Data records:
____
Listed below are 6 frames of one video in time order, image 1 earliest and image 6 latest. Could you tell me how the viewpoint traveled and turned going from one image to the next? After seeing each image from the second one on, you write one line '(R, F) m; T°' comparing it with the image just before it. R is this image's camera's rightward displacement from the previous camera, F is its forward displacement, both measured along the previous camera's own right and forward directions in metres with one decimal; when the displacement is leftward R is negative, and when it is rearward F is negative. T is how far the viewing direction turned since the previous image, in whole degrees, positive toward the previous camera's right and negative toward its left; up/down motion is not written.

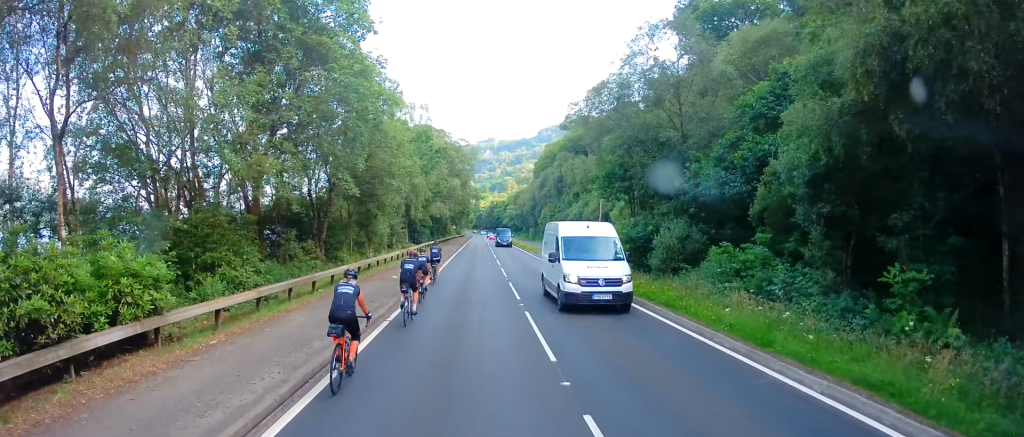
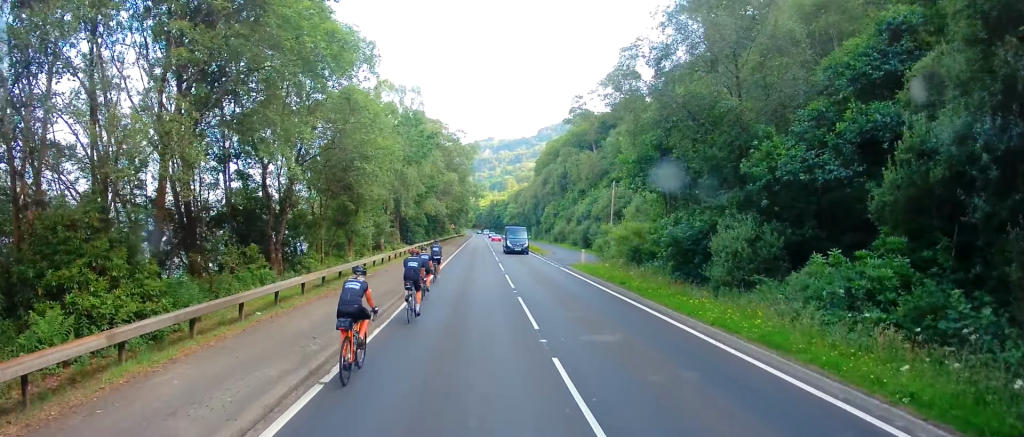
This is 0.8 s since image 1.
(+0.2, +5.8) m; 0°
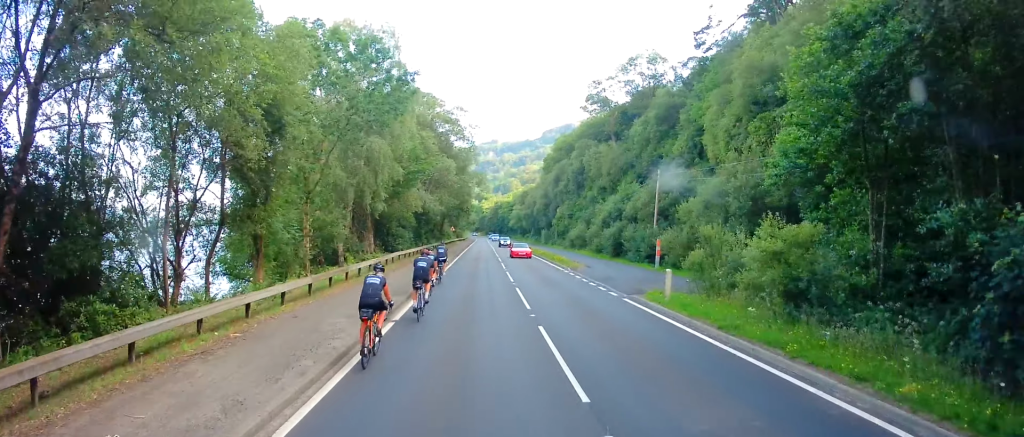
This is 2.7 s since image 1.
(-0.4, +14.1) m; -4°
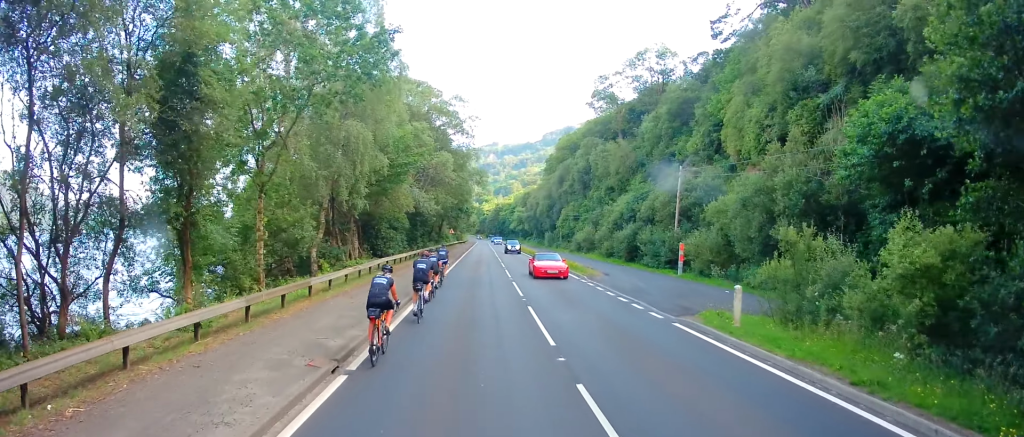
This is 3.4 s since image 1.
____
* Task item: Retype the entries exactly, skipping every picture.

* Solved problem:
Listed below are 6 frames of one video in time order, image 1 earliest and image 6 latest. Could you tell me how the viewpoint traveled and turned going from one image to the next? After seeing each image from the second one on, you write one line '(R, F) m; T°' comparing it with the image just before it. R is this image's camera's rightward displacement from the previous camera, F is its forward displacement, both measured along the previous camera's own right and forward directions in metres with one decimal; when the displacement is leftward R is negative, and when it is rearward F is negative. T is how far the viewing direction turned since the previous image, in whole degrees, positive toward the previous camera's right and negative toward its left; up/down motion is not written.

This is 0.8 s since image 1.
(+0.2, +5.8) m; 0°
This is 2.7 s since image 1.
(-0.4, +14.1) m; -4°
This is 3.4 s since image 1.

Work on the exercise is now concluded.